- **What the task requires**
Look below for the line with "value: Tysons Corner", then give it again exactly, along with every line that comes after it, the final line included.

*** Block opens ***

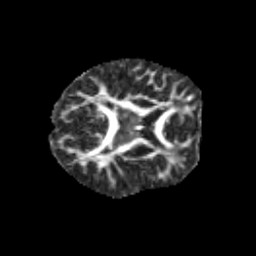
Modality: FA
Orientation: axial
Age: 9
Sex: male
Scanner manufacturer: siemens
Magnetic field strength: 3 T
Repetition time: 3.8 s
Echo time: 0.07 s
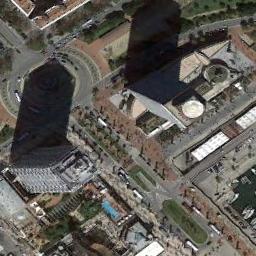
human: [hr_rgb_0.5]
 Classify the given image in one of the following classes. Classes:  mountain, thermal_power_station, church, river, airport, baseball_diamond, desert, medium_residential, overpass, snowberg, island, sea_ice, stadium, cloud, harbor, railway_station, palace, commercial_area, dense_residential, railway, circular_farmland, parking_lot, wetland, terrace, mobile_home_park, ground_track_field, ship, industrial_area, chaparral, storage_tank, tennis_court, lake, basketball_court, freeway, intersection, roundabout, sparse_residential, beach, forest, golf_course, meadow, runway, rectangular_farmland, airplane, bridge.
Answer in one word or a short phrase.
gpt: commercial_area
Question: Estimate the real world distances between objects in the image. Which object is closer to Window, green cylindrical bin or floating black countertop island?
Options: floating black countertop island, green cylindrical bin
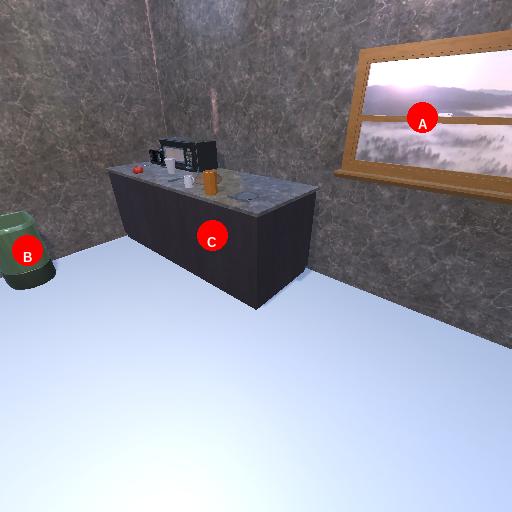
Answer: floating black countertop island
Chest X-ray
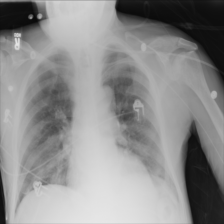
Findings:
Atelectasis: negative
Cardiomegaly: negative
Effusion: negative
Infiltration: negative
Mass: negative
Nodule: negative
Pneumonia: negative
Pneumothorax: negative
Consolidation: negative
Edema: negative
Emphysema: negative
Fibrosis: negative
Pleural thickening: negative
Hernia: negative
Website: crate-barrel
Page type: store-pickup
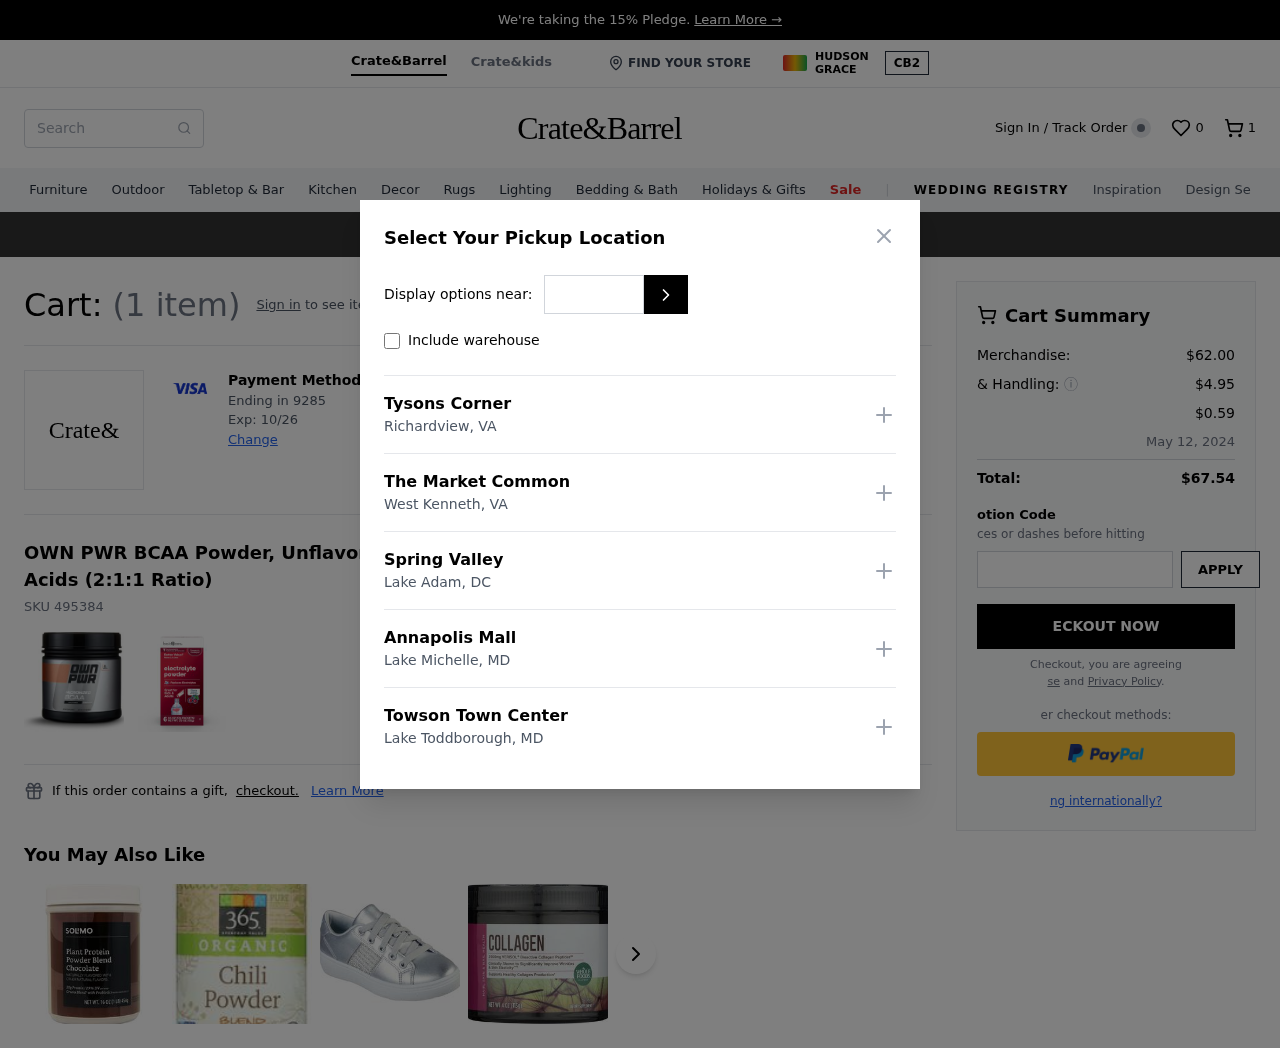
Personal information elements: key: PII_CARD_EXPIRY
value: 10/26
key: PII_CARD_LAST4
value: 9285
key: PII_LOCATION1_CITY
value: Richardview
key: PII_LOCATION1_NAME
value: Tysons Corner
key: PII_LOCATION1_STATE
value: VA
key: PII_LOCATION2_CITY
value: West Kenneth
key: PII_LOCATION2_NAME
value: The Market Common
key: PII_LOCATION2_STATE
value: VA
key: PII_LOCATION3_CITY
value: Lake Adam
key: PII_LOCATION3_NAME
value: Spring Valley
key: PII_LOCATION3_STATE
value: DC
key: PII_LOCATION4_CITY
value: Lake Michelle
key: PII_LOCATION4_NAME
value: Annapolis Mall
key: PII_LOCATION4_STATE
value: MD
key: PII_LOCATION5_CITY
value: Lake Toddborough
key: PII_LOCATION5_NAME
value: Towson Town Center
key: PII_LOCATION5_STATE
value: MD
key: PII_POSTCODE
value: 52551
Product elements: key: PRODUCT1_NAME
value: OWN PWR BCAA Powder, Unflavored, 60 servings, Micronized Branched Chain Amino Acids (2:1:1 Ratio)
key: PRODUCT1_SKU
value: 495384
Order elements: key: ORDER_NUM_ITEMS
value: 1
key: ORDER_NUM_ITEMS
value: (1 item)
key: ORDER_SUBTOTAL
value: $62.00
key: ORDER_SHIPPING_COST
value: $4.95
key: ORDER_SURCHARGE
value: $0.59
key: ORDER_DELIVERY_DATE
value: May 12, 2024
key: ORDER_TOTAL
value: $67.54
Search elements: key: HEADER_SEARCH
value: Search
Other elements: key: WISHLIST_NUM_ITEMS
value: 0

*** Block closes ***

- **Exercise output**
value: Tysons Corner
key: PII_LOCATION1_STATE
value: VA
key: PII_LOCATION2_CITY
value: West Kenneth
key: PII_LOCATION2_NAME
value: The Market Common
key: PII_LOCATION2_STATE
value: VA
key: PII_LOCATION3_CITY
value: Lake Adam
key: PII_LOCATION3_NAME
value: Spring Valley
key: PII_LOCATION3_STATE
value: DC
key: PII_LOCATION4_CITY
value: Lake Michelle
key: PII_LOCATION4_NAME
value: Annapolis Mall
key: PII_LOCATION4_STATE
value: MD
key: PII_LOCATION5_CITY
value: Lake Toddborough
key: PII_LOCATION5_NAME
value: Towson Town Center
key: PII_LOCATION5_STATE
value: MD
key: PII_POSTCODE
value: 52551
Product elements: key: PRODUCT1_NAME
value: OWN PWR BCAA Powder, Unflavored, 60 servings, Micronized Branched Chain Amino Acids (2:1:1 Ratio)
key: PRODUCT1_SKU
value: 495384
Order elements: key: ORDER_NUM_ITEMS
value: 1
key: ORDER_NUM_ITEMS
value: (1 item)
key: ORDER_SUBTOTAL
value: $62.00
key: ORDER_SHIPPING_COST
value: $4.95
key: ORDER_SURCHARGE
value: $0.59
key: ORDER_DELIVERY_DATE
value: May 12, 2024
key: ORDER_TOTAL
value: $67.54
Search elements: key: HEADER_SEARCH
value: Search
Other elements: key: WISHLIST_NUM_ITEMS
value: 0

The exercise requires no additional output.